The day I stumbled across the terms “Sunrise” and “Sunset” babies gave me the little bit of closure I needed to move forward. The surviving twin is the sunrise baby because the sunrise brings a new day and a sense of hope. The twin that passes in the womb is the sunset baby because it symbolizes the end of the day and the slow fade of light. These terms and their symbolism for whatever reason have always given me hope. Time truly has helped heal my heart but the fault lines will forever remain.

My son, Teddy, is a twinless twin and his twin’s life, although short, will always matter. 


  1. While the circumstances were a bit different, I too have a twinless twin. He is 4 and his twin sister died of complications from Trisomy 18 about an hour and a half after birth. I have recently made sure we talk about her more and his older brother is helping with that, but it’s a tough situation to know what to do. Thank you for sharing your story because I know how hard it was to find resources at the time I was pregnant.

  2. Thank you for writing about this. My 10-year-old daughter is a Twinless Twin. We lost her brother at 11 weeks gestation, and our doctor said that she absorbed his cells. Until this blog, I had never heard the words sunrise and sunset baby, although I’m loving the phrase. My daughter started ‘seeing’ her twin brother (we have always known it was a boy even though it was too early to tell on ultrasound) when she was about 2 years old. She would always talk about the ‘boy’ in the fan in her room and how he wanted to play with her at night. She no longer sees him, but we feel his presence in our home, and both she and my younger daughter know they have a brother who watches over them.
    Today, on Infant Loss and Remembrance Day we pray for all families who have lost babies.

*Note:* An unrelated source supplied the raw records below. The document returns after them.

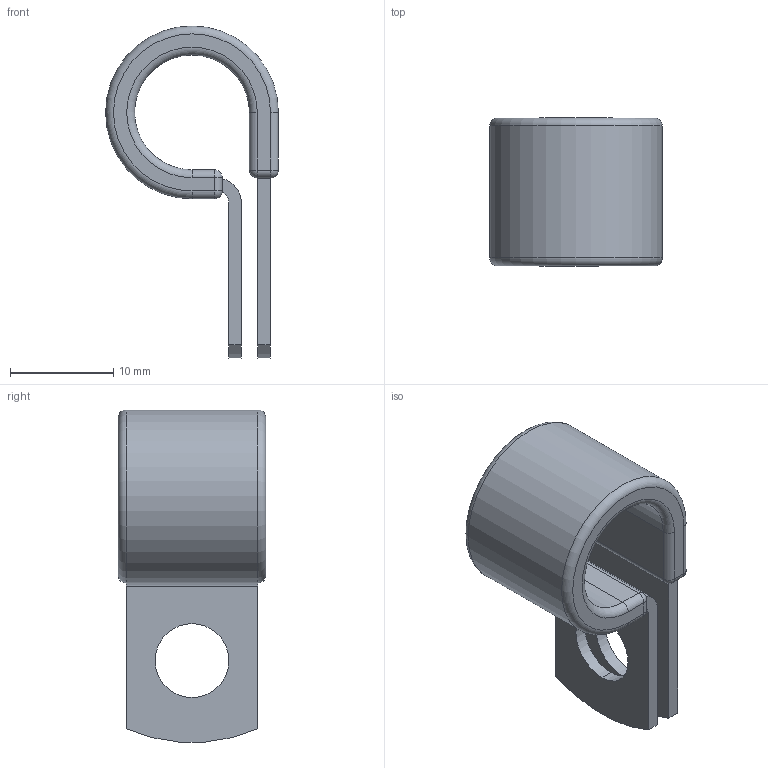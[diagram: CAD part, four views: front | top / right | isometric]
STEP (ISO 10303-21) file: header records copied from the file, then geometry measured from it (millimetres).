
FILE_DESCRIPTION (( 'STEP AP214' ), '1' );
FILE_NAME ('COV0809Z2.step', '2018-10-30T20:07:09', ( 'User' ), ( 'Microsoft' ), 'SwSTEP 2.0', 'SolidWorks 2018', '' );
FILE_SCHEMA (( 'AUTOMOTIVE_DESIGN' ));
Length unit declared in the file: inch
Products named in the file (1): COV0809Z2
Bounding box: 16.71 x 14.29 x 32.1 mm (x, y, z)
Volume: 2063 mm3; surface area: 2257.7 mm2
Topology: 1 solids, 1 shells, 60 faces, 145 edges, 80 vertices
Faces by surface type: cylinder 27, plane 21, sphere 8, torus 4
Entity records: 2252 total; most frequent: DIRECTION 321, CARTESIAN_POINT 278, ORIENTED_EDGE 274, EDGE_CURVE 137, AXIS2_PLACEMENT_3D 123, VERTEX_POINT 80, LINE 75, VECTOR 75
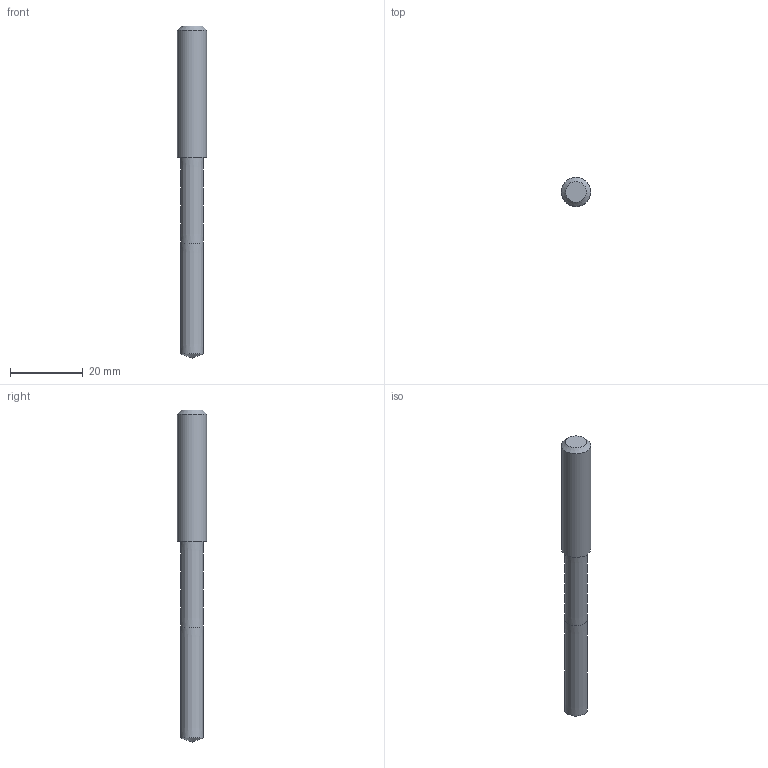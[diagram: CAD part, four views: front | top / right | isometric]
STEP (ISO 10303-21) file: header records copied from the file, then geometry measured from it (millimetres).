
FILE_DESCRIPTION(/* description */ ('R4536.3'),/* implementation_level */ '2;1');
FILE_NAME(/* name */ 'CAPP~~210701160132~5978960~MOD~TM01_00~ISO~FR.STP',/* time_stamp */ '2021-07-01T16:02:48+02:00',/* author */ ('System'),/* organization */ ('Dormer Pramet'),/* preprocessor_version */ 'ST-DEVELOPER v16.7',/* originating_system */ 'SIEMENS PLM Software NX 12.0',/* authorisation */ '');
FILE_SCHEMA (('AUTOMOTIVE_DESIGN { 1 0 10303 214 3 1 1 1 }'));
Length unit declared in the file: millimetre
Products named in the file (1): CAPP~~210701160132~5978960~MOD~TM01_00~ISO~FR
Bounding box: 8 x 8 x 91 mm (x, y, z)
Volume: 3484.6 mm3; surface area: 2116.6 mm2
Topology: 2 solids, 2 shells, 9 faces, 17 edges, 13 vertices
Faces by surface type: cone 5, plane 3, cylinder 1
Full cylindrical faces by diameter (mm): 8 x1
Entity records: 246 total; most frequent: DIRECTION 40, CARTESIAN_POINT 36, AXIS2_PLACEMENT_3D 20, EDGE_LOOP 14, ORIENTED_EDGE 14, FACE_BOUND 12, ADVANCED_FACE 9, VERTEX_POINT 8
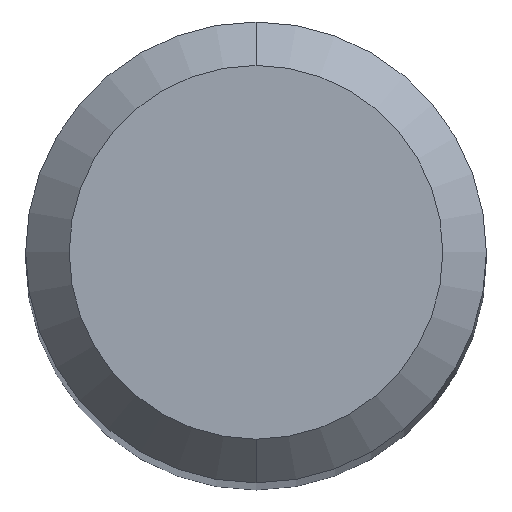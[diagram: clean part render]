
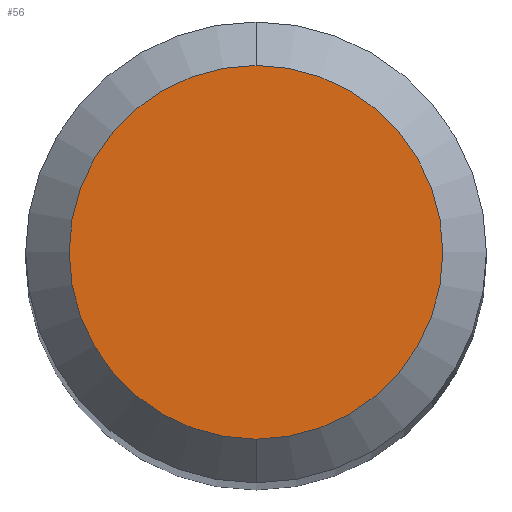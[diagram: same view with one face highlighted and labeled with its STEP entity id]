
A CAD part, top view. The second image highlights one B-rep face of the part: STEP entity #56.
In plain terms, the highlighted planar face has unit normal (0, 0, 1).
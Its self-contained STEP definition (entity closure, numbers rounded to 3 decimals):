
#43=PLANE('',#338);
#56=ADVANCED_FACE('',(#77),#43,.F.);
#77=FACE_OUTER_BOUND('',#92,.T.);
#92=EDGE_LOOP('',(#118,#119));
#118=ORIENTED_EDGE('',*,*,#177,.F.);
#119=ORIENTED_EDGE('',*,*,#178,.F.);
#159=VERTEX_POINT('',#487);
#160=VERTEX_POINT('',#488);
#177=EDGE_CURVE('',#159,#160,#199,.T.);
#178=EDGE_CURVE('',#160,#159,#200,.T.);
#199=CIRCLE('',#336,1.288);
#200=CIRCLE('',#337,1.288);
#336=AXIS2_PLACEMENT_3D('',#486,#404,#405);
#337=AXIS2_PLACEMENT_3D('',#489,#406,#407);
#338=AXIS2_PLACEMENT_3D('',#490,#408,#409);
#404=DIRECTION('',(0.,0.,-1.));
#405=DIRECTION('',(0.,1.,0.));
#406=DIRECTION('',(0.,0.,-1.));
#407=DIRECTION('',(0.,-1.,0.));
#408=DIRECTION('',(0.,0.,-1.));
#409=DIRECTION('',(0.,-1.,0.));
#486=CARTESIAN_POINT('',(0.,0.,55.289));
#487=CARTESIAN_POINT('',(0.,1.288,55.289));
#488=CARTESIAN_POINT('',(0.,-1.288,55.289));
#489=CARTESIAN_POINT('',(0.,0.,55.289));
#490=CARTESIAN_POINT('',(0.,0.,55.289));
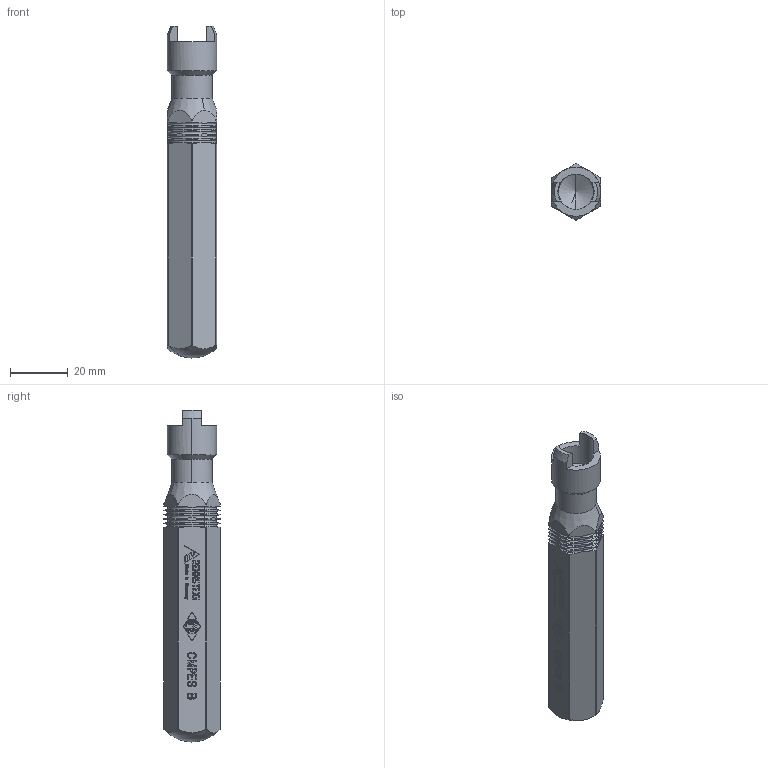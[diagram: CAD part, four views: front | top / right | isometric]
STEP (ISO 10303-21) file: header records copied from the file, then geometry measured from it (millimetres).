
FILE_DESCRIPTION(('Creo Elements/Direct Modeling STEP Export'),'2;1');
FILE_NAME('37jbk2e5pr7ohc71412','2023-03-22T15:34:11',(''),(''),'Creo Elements/Direct Modeling STEP processor for AP214 (Solid Model)','Creo Elements/Direct Modeling 20.1B 02-Apr-2019 (C) Parametric Technology GmbH','');
FILE_SCHEMA(('AUTOMOTIVE_DESIGN { 1 0 10303 214 1 1 1 1 }'));
Length unit declared in the file: millimetre
Products named in the file (2): CMPES B
Assembly tree (1 placements, depth 2):
  CMPES B
    CMPES B
Bounding box: 17 x 19.48 x 115 mm (x, y, z)
Volume: 24613.9 mm3; surface area: 7165.8 mm2
Topology: 1 solids, 1 shells, 214 faces, 1377 edges, 1207 vertices
Faces by surface type: plane 90, cone 68, cylinder 42, torus 12, sphere 2
Entity records: 24207 total; most frequent: CARTESIAN_POINT 12668, ORIENTED_EDGE 2746, EDGE_CURVE 1373, VERTEX_POINT 1207, DIRECTION 1148, VECTOR 868, LINE 868, B_SPLINE_CURVE_WITH_KNOTS 280

  3. I’ am so sorry for your loss and I can relate. A few days ago, I loss my Twin A due to pprom (preterm premature rupture of the membrane) at 19 weeks and 2 days gestation. I’ am so heartbroken but I know I have to hold on for her sister Twin B because she’s still thriving in my womb but the doctors are saying how unique my situation is that they don’t know what to do about the pregnancy going forward, its just a wait and see. I’ am terrified but still holding faith that everything will be okay with Baby B. Please keep me in your thoughts.

  4. Thank you for this. My almost two-year-old is a surviving twin. We found out at 12 weeks that his twin was “being absorbed.” Talk about horrible bedside manner! It was a complete blow. Here I was trying to process the loss of my baby, while at the same time trying to enjoy the rest of my ultrasound with my surviving twin. The guilt I felt for still being happy to have one baby, while mourning another, is hard to describe. It was an emotional roller-coaster and I still haven’t fully healed.